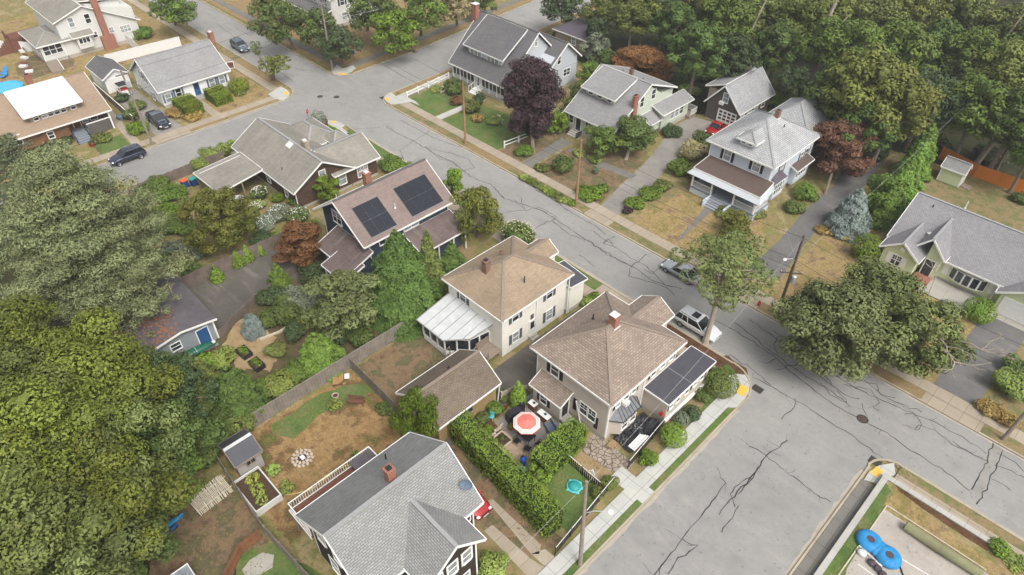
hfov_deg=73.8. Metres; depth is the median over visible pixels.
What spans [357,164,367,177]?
window
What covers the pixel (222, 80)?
window
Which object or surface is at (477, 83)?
door
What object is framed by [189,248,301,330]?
driveway
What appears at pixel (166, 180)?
shrub
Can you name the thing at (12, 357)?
broadleaf tree
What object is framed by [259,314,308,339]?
timber edging
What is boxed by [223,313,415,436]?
plank fence
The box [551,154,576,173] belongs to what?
shrub
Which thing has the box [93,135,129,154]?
lawn
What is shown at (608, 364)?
corner house
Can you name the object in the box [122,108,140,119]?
shrub
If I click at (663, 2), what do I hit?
wood tree
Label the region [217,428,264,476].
tool shed
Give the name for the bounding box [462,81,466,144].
utility pole
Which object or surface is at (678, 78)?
undergrowth bush
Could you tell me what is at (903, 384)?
verge
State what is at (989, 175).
board fence
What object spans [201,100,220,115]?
front path
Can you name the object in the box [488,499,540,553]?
side path
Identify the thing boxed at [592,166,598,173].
shrub
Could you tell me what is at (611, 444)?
firewood pile
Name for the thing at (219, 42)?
power line
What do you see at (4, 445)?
broadleaf tree
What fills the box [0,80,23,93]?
swimming pool
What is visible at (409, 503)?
grey roof house
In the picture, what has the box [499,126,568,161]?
yard
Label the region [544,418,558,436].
outdoor sofa
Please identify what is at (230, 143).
shrub
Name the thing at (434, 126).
verge
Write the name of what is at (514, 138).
rail fence
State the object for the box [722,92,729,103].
window
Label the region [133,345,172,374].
broadleaf tree
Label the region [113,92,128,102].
shrub
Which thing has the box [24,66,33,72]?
lounge chair
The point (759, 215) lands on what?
shrub
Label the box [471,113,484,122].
shrub
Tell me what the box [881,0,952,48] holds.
wood tree
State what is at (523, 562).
side path
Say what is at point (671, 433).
clipped shrub
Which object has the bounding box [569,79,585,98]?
broadleaf tree
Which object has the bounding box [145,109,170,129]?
parked pickup
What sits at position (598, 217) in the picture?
driveway apron
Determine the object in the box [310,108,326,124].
shrub
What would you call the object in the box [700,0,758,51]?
wood tree
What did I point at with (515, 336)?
window
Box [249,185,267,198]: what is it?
garden bush
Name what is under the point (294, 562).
plank fence
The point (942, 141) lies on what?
undergrowth bush
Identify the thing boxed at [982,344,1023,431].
lawn
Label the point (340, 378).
slatted lounger
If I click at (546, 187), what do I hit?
verge plant
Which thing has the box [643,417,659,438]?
tarpaulin
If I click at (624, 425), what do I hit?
window
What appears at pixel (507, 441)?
square planter
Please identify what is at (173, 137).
driveway apron
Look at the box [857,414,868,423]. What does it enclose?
manhole cover
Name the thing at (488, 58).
window
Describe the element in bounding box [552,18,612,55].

- **Task description**:
Copy every line above exactly, leaving no picture in the copy.

- **Answer below**:
hfov_deg=73.8. Metres; depth is the median over visible pixels.
What spans [357,164,367,177]?
window
What covers the pixel (222, 80)?
window
Which object or surface is at (477, 83)?
door
What object is framed by [189,248,301,330]?
driveway
What appears at pixel (166, 180)?
shrub
Can you name the thing at (12, 357)?
broadleaf tree
What object is framed by [259,314,308,339]?
timber edging
What is boxed by [223,313,415,436]?
plank fence
The box [551,154,576,173] belongs to what?
shrub
Which thing has the box [93,135,129,154]?
lawn
What is shown at (608, 364)?
corner house
Can you name the object in the box [122,108,140,119]?
shrub
If I click at (663, 2), what do I hit?
wood tree
Label the region [217,428,264,476].
tool shed
Give the name for the bounding box [462,81,466,144].
utility pole
Which object or surface is at (678, 78)?
undergrowth bush
Could you tell me what is at (903, 384)?
verge
State what is at (989, 175).
board fence
What object spans [201,100,220,115]?
front path
Can you name the object in the box [488,499,540,553]?
side path
Identify the thing boxed at [592,166,598,173].
shrub
Could you tell me what is at (611, 444)?
firewood pile
Name for the thing at (219, 42)?
power line
What do you see at (4, 445)?
broadleaf tree
What fills the box [0,80,23,93]?
swimming pool
What is visible at (409, 503)?
grey roof house
In the picture, what has the box [499,126,568,161]?
yard
Label the region [544,418,558,436].
outdoor sofa
Please identify what is at (230, 143).
shrub
Name the thing at (434, 126).
verge
Write the name of what is at (514, 138).
rail fence
State the object for the box [722,92,729,103].
window
Label the region [133,345,172,374].
broadleaf tree
Label the region [113,92,128,102].
shrub
Which thing has the box [24,66,33,72]?
lounge chair
The point (759, 215) lands on what?
shrub
Label the box [471,113,484,122].
shrub
Tell me what the box [881,0,952,48] holds.
wood tree
State what is at (523, 562).
side path
Say what is at point (671, 433).
clipped shrub
Which object has the bounding box [569,79,585,98]?
broadleaf tree
Which object has the bounding box [145,109,170,129]?
parked pickup
What sits at position (598, 217) in the picture?
driveway apron
Determine the object in the box [310,108,326,124].
shrub
What would you call the object in the box [700,0,758,51]?
wood tree
What did I point at with (515, 336)?
window
Box [249,185,267,198]: what is it?
garden bush
Name what is under the point (294, 562).
plank fence
The point (942, 141) lies on what?
undergrowth bush
Identify the thing boxed at [982,344,1023,431].
lawn
Label the point (340, 378).
slatted lounger
If I click at (546, 187), what do I hit?
verge plant
Which thing has the box [643,417,659,438]?
tarpaulin
If I click at (624, 425), what do I hit?
window
What appears at pixel (507, 441)?
square planter
Please identify what is at (173, 137).
driveway apron
Look at the box [857,414,868,423]. What does it enclose?
manhole cover
Name the thing at (488, 58).
window
Describe the element in bounding box [552,18,612,55].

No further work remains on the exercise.